Forzare l’analogia fra situazioni così diverse è un esercizio di semplificazione che può portare a conclusioni fuorvianti, ma l’assalto del Campidoglio di Washington ha introdotto nello spazio mentale dei facinorosi di tutto il mondo l’idea che l’occupazione più o meno armata dei palazzi del potere sia una modalità praticabile per affermare presunte ragioni del popolo che l’esito delle elezioni democratiche ha invece tradito.

I fatti del 6 gennaio 2021 sono stati un esperimento di rivolta sovversiva sobillata da un leader populista in attesa di essere replicato in altri laboratori, adattandosi alle circostanze particolari e facendo leva sulle condizioni specifiche dei vari paesi.

Se è stato possibile a Washington, sarà possibile anche a Brasilia, anche se in forme e modalità differenti

Significa che laddove si innesta un governo nazional-sovranista o di marca post fascista si creano ineluttabilmente le condizioni per azioni eversive quando questo poi viene disarcionato o semplicemente non confermato alle elezioni?

La logica determinista ha molte falle, ma evidentemente la questione ci riguarda.
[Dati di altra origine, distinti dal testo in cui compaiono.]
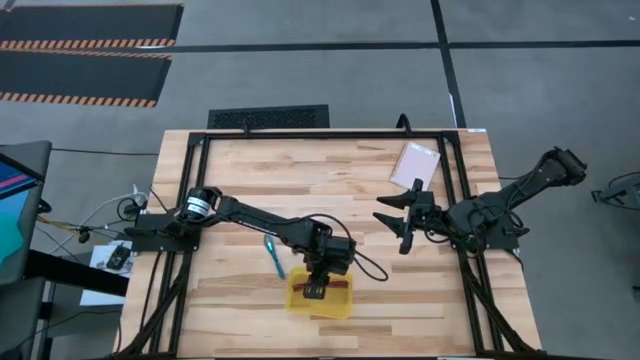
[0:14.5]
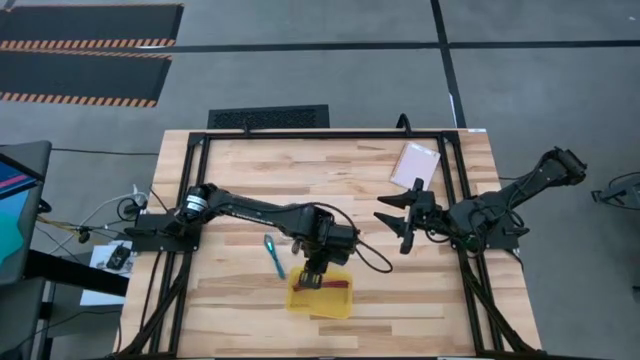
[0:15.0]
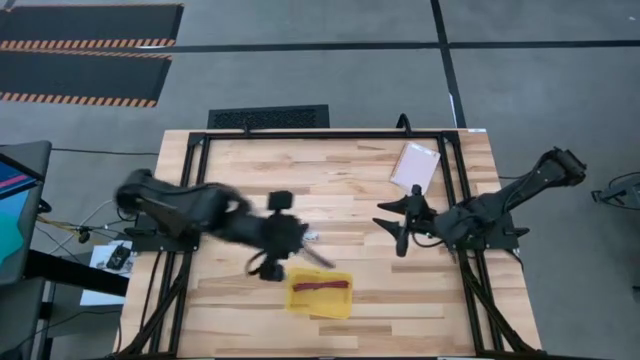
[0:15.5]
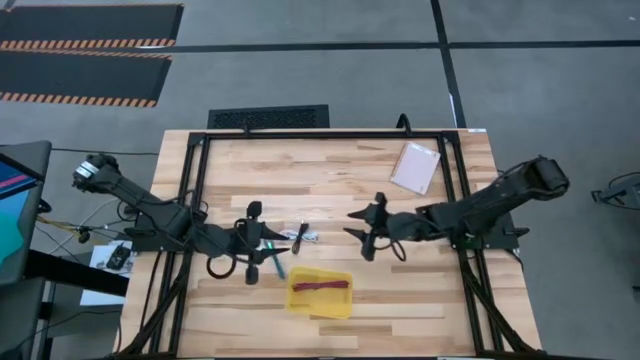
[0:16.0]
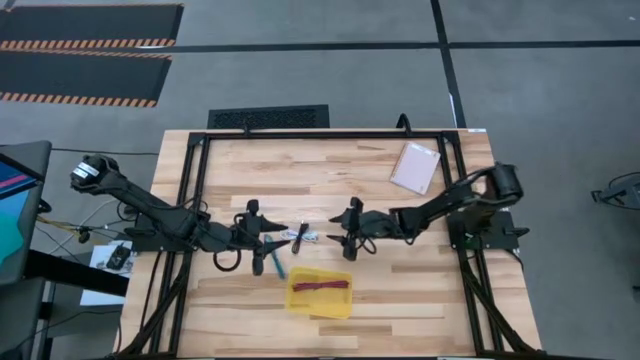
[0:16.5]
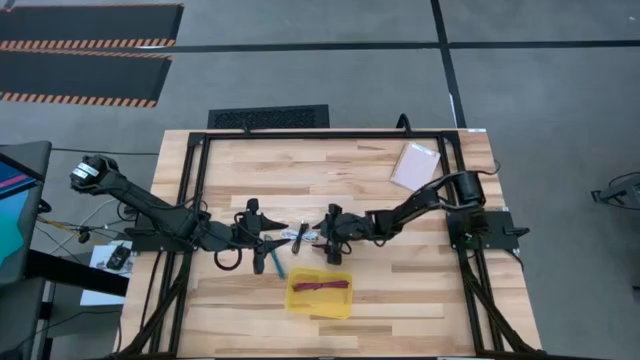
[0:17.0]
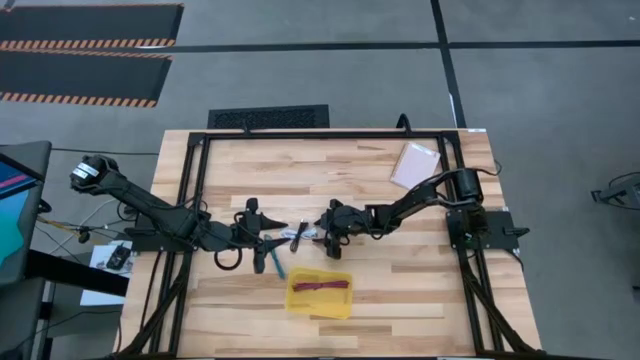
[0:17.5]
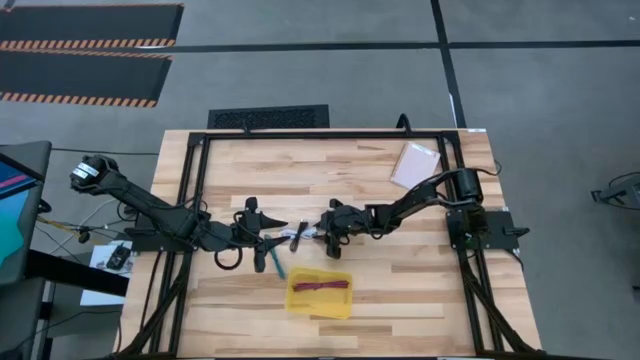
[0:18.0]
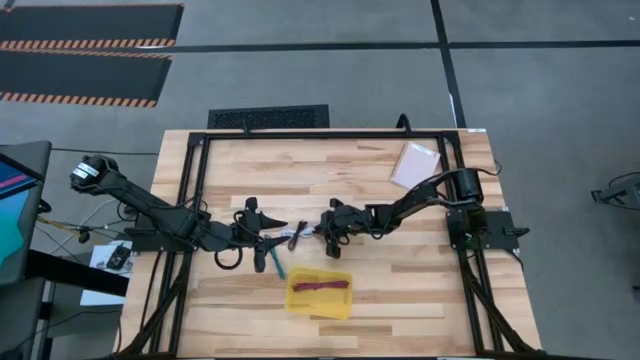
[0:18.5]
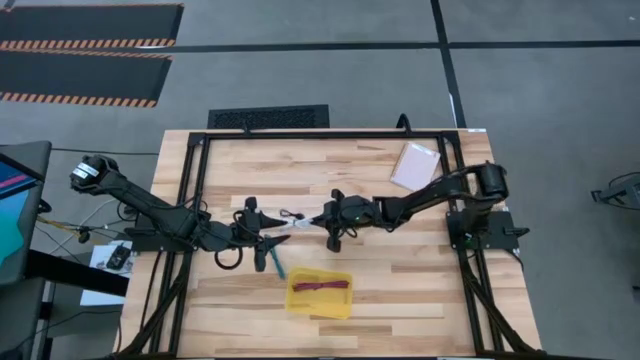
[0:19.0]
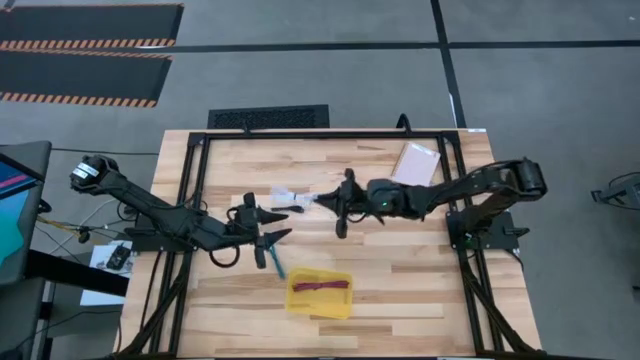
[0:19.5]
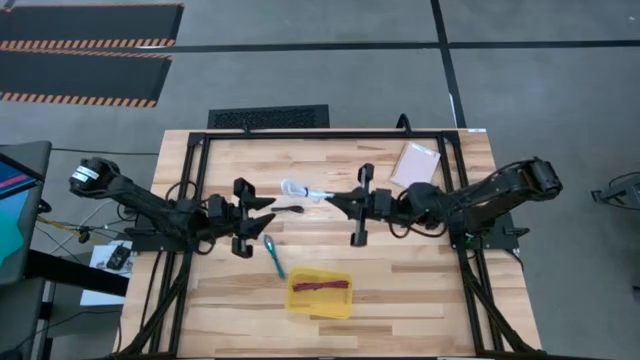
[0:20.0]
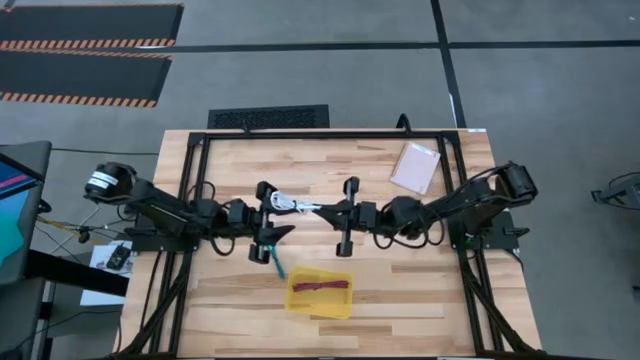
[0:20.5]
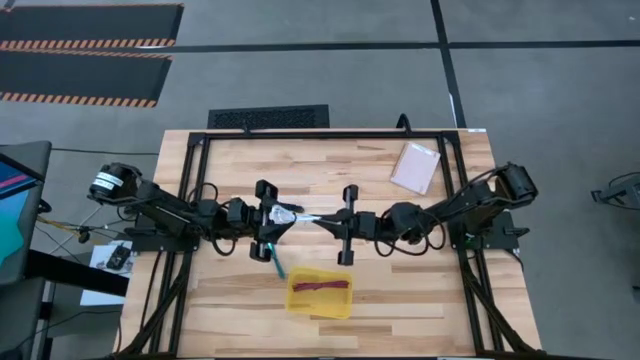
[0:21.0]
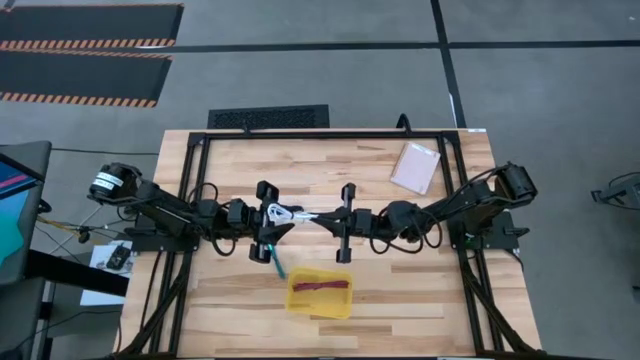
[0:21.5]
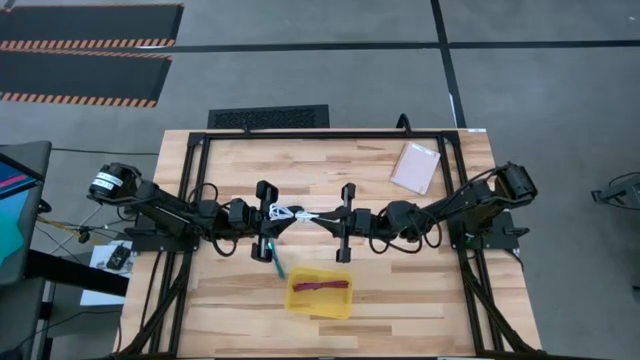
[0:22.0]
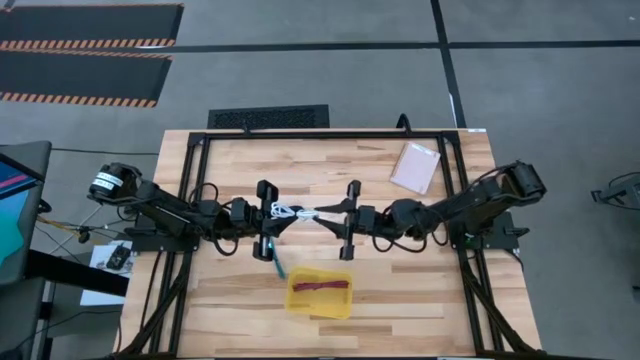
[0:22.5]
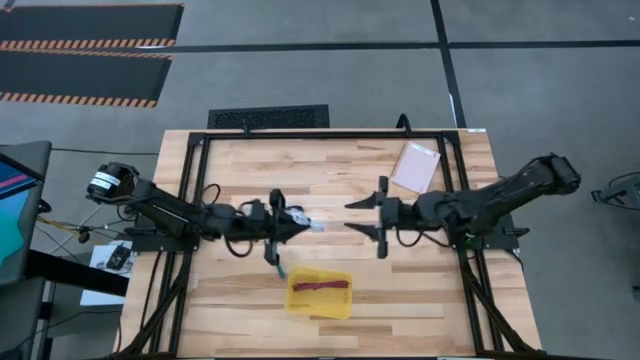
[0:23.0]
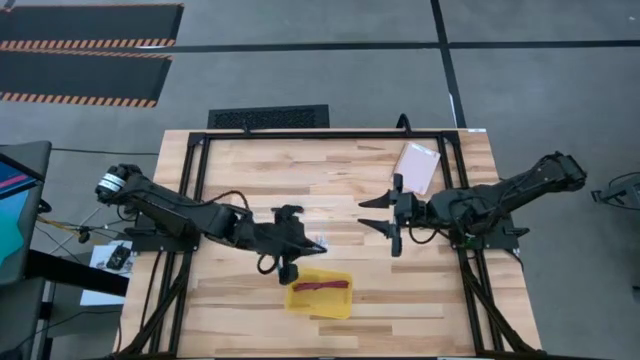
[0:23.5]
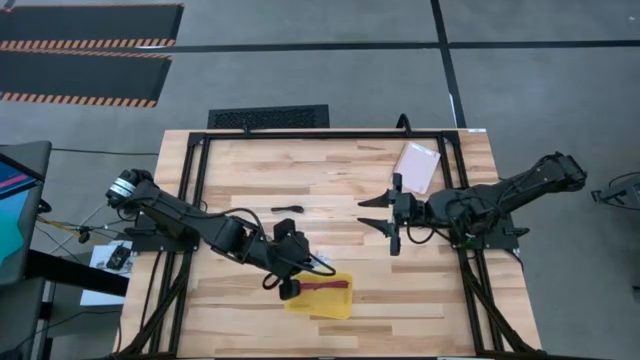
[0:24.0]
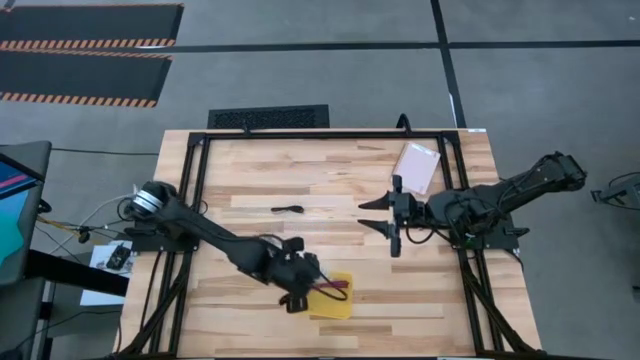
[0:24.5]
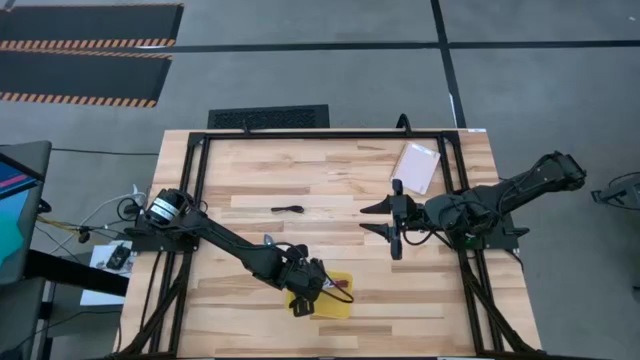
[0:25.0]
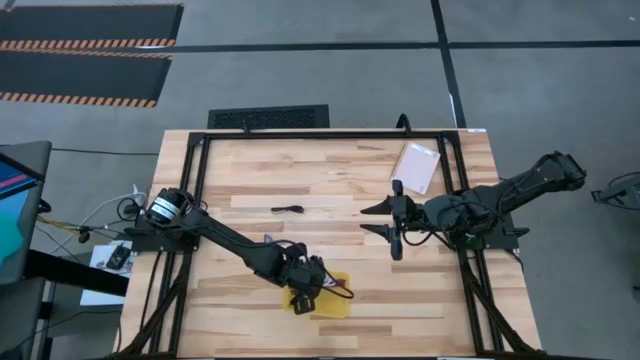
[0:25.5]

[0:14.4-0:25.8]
Task: Pick and place USB-C Cables
Put the white charger cable into the yellow bin

E non solo immaginando ipotetici scenari futuri in cui quello che è successo al Congresso potrà succedere un giorno anche a Montecitorio, ma perché l’effetto globale di Capitol Hill a Roma si è già manifestato.

L’assalto alla Cgil dell’ottobre 2021, capeggiato da Forza nuova, che per l’occasione aveva catalizzato e mobilitato una variopinta platea di antagonisti della dittatura sanitaria, era nato sotto le insegne delle gesta violente dei trumpiani al Campidoglio.

I manifestanti violenti puntavano orginariamente a palazzo Chigi e a Montecitorio e hanno ripiegato poi sul sindacato quando il piano si è infranto sui cordoni della polizia.

I messaggi su Telegram degli organizzatori erano pieni di riferimenti alla vicenda di Capitol Hill, fonte d’ispirazione non soltanto ideale ma anche tattica, visto che Pamela Testa, poi arrestata alla fine della giornata di violenza, indicava attraverso messaggi ai manifestanti di «gestire la piazza in modo dinamico» e diceva «cambieremo percorso da un momento all’altro», come avevano fatto i militanti trumpiani dopo aver rotto lo schema della manifestazione statica per passare all’azione.

Senza voler sminuire la gravità dell’assalto alla sede della Cgil, il passaggio dall’assalto dei palazzi della politica alla vandalizzazione di quel che capitava a tiro ci ha poi ricordato che siamo pur sempre il paese in cui la situazione è sempre seria ma non grave e la rivoluzione non si farà mai perché ci conosciamo tutti, ma il chiodo piantato nell’immaginario collettivo da quello che è sciaguratamente capitato a Washington (ed è stato replicato a Brasilia) è più forte di tutte le massime sdrammatizzanti sul carattere italiano di Longanesi e Flaiano.

La forza sovversiva dell’orda rabbiosa e l’ardere delle passioni del demos, sapientemente attizzate e guidate da leader che si sono intestati il diritto esclusivo di interpretare la volontà popolare, sono gli ingredienti che l’assalto di Capitol Hill ha portato dall’inimmaginabile alla realtà, e che i fatti di Brasilia, ispirati da un Bolsonaro strategicamente rifugiato in Florida, hanno ulteriormente normalizzato.

L’emergere di certi sintomi non va sottovalutato, anche in nei casi in cui l’intento eversivo non finisce con i manifestanti asserragliati nei palazzi delle istituzioni.